After the hospital, I get to go home. The pain is still there, but the pain management system is not what it was. And then I realize that I get to deal with not just the pain. I also get to plunge headfirst into an estrogen-free existence. The hormones driving my body systems for 30 years are gone now. Just like that. No gradual transition. I get to jump on the fast-track to old-ladyhood lest I miss that phase on my way out the door.

Finally, two days after leaving the hospital, my stitching breaks open. A visit to an ER and back to the surgeon nets a solution that has your software engineer husband learning how to be a nurse.

How could we ever have imagined, at 42 and 41 that this would have been our lives?

All of this is no good for the brain. It starts wandering off to it’s favorite dark places. As I am being cared for by my husband, I begin to draw parallels to my future home hospice care. In my own room, but in a hospital bed. Will he have to bathe me? Change my clothes? The vast unfairness of it all begins to hit.

And what about the pain? If they can’t give me anything to meaningfully help with the hormonal changes or do more than simply dull the pain, how can I trust that they will be able to do so at the end? When I am possibly delerious and am unable to advocate for my own needs?

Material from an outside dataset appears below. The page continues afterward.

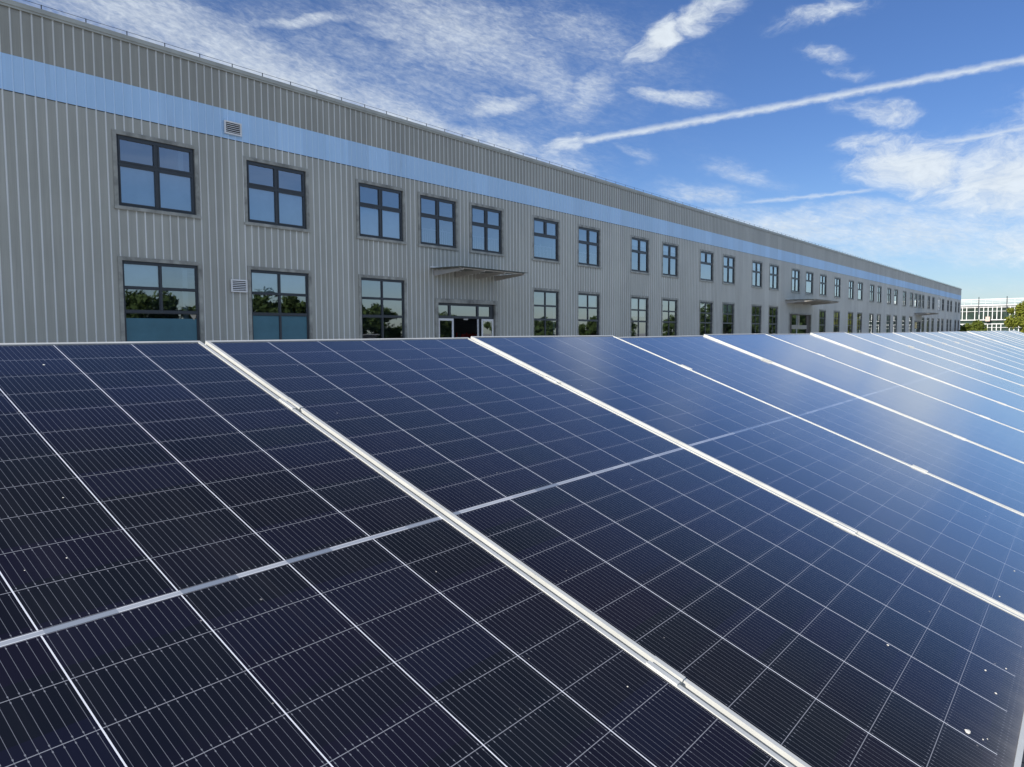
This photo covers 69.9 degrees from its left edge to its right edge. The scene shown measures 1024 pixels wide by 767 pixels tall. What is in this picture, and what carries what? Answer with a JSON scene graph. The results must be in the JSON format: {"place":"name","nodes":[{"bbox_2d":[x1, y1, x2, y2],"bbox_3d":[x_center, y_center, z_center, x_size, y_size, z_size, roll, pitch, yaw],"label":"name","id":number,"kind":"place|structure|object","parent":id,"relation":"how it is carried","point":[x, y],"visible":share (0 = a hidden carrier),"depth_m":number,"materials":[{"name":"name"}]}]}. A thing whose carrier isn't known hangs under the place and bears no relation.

My last post had me in the thick of all of this. And rather than being fake, or avoiding writing, I decided to just let it all go. I know that it came across as whining, and I don’t care.

Part of my goal with this blog is to show the truth of the heart and brain’s experience with terminal cancer. My last post was part of that truth.

Here’s another truth. This week was a little better. My wound is not healed, but it’s slightly better. My pain hasn’t gone away, but it’s slightly duller. My hormone crash hasn’t gone away, but I’ve developed work arounds to make it slightly more bearable.

And this is how it works. Things are always changing. Right now they are changing- very slowly- in the direction of getting better. And someday, either a very long time or a very short time in the future they will do the opposite.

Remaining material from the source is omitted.